Menczer's 1993 championship remains one of the sport's great underdog stories. Sponsorless and forced to spend $25,000 of the $30,000 she earned that year in prize money just to get from contest to contest, Menczer won three of the first 11 events, and had a slender ratings lead going into the 12th and final contest in Hawaii. Two weeks before the event started, the 23-year-old Menczer had an arthritis attack that put her temporarily in a wheelchair; seven days later she began paddling her surfboard in a pool as a warm-up; on the day of the contest-held in windblown eight-foot surf at Sunset Beach-she scraped into the finals, and won the title. "I couldn't even brush my own hair," she said of her pre-title attack. "My body just shut down."
Pauline Menczer - WSL / Laurent MasurelThe following year brought the first of Florida-raised Lisa Andersen's four world championships. As the freckled and tomboy-ish Menczer put it, "I don't have sponsors, because I don't have blonde hair and blue eyes." At the end of 1995, with the popularity of women's surfing shooting up in large part due to a massive pretty-surfer-girl marketing campaign, Menczer decorated one of her surfboards with a hand-drawn surfing "bushpig" (Australian slang for an unattractive woman), in mordant celebration.
Menczer continued to be a top-ranked world tour performer for another four years, finishing fifth in 1995, second in 1996, sixth in 1997, and seventh in 1998, before slipping out of the top eight, having won a total of 20 world tour events, with one added in 2001 for good measure. "I think I deserve a lot more than I got," she said with a philosophical shrug. "But I've still got a lot more than I ever thought I'd have."

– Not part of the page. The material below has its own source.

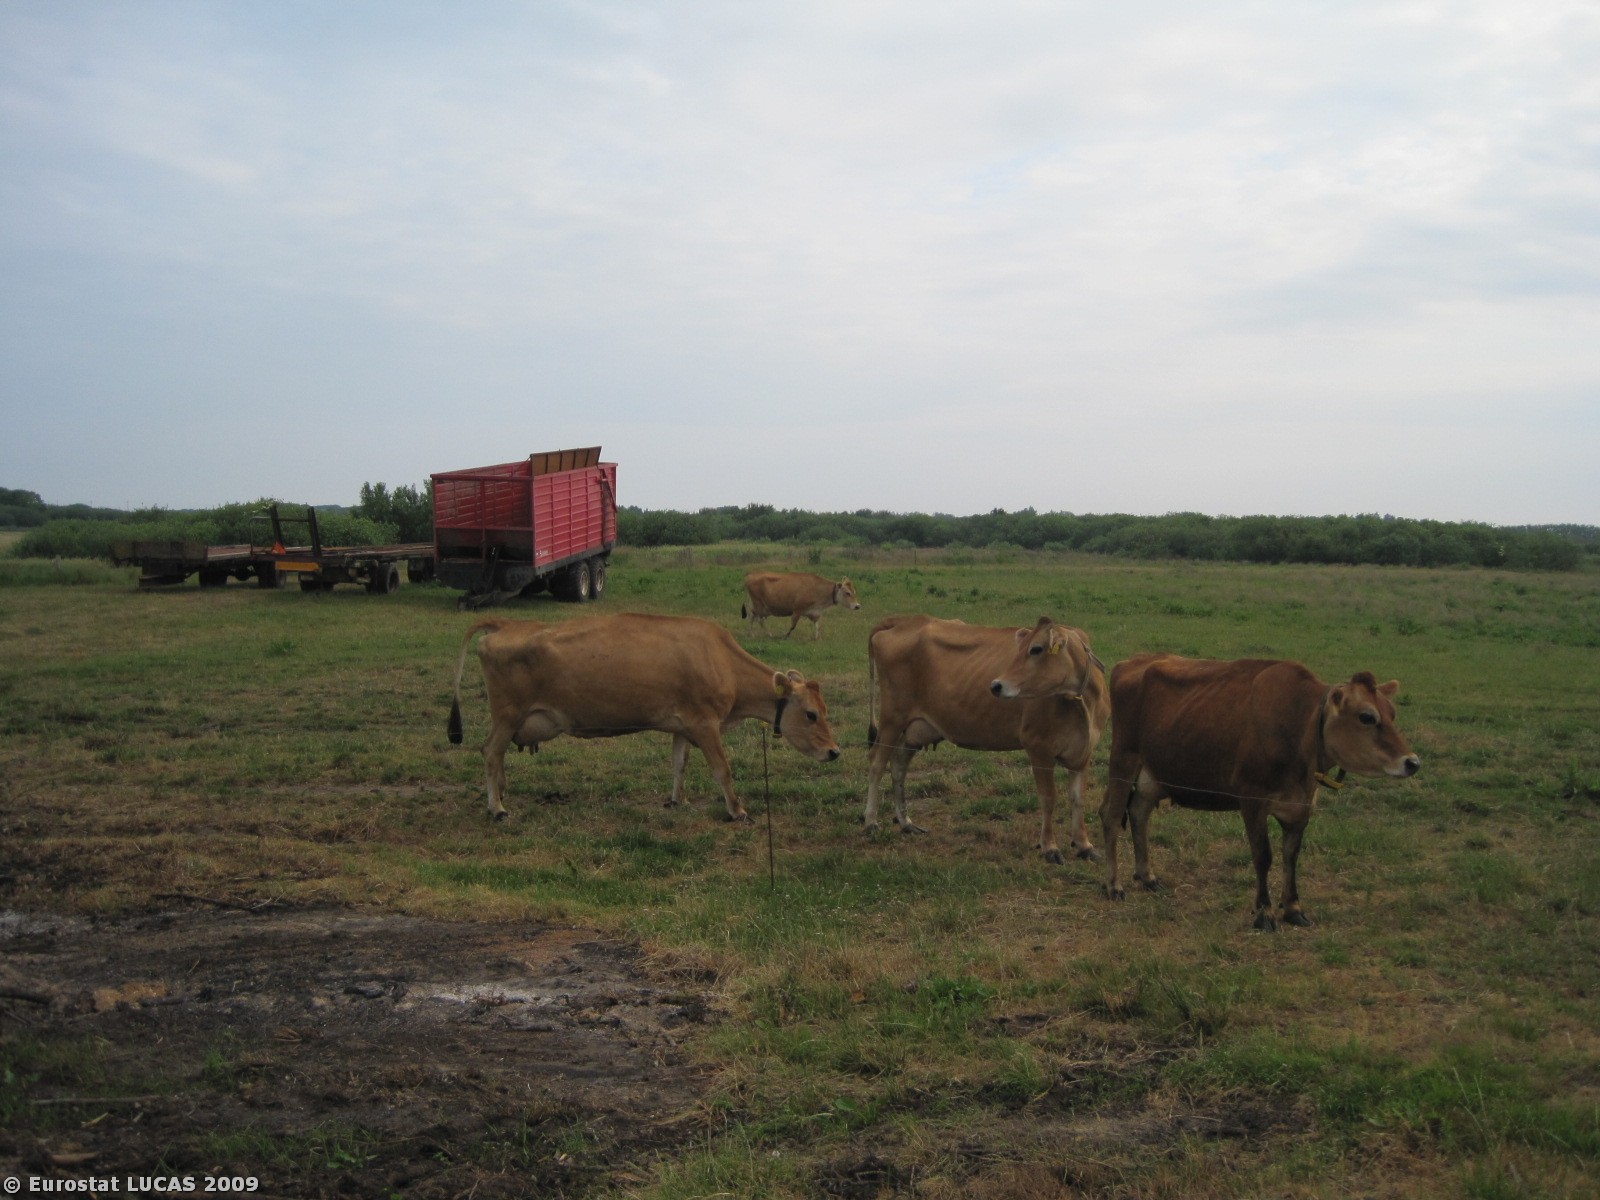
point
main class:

Pauline Menczer - WSL / Laurent MasurelIn 2002, the 32-year-old focused on second-tier pro events, and won both the World Qualifying Series tour, and the Foster's Pro Surfing Tour. At the end of 2006 she retired from competition. "I won contests because I had to," Menczer said. "Nobody was paying me. The good part is, I get to look back now and say 'Wow, I did it alone. No help.'"
Menczer was the top vote-getter in Australia's Surfing Life Magazine's 1993 Peer Poll. She's appeared in about 15 surf movies and videos, including Surfers: The Movie (1990), Tropical Madness (2002), and Surfabout: Down Under (2004), and is featured in Girl in the Curl (2000), an illustrated history of women's surfing.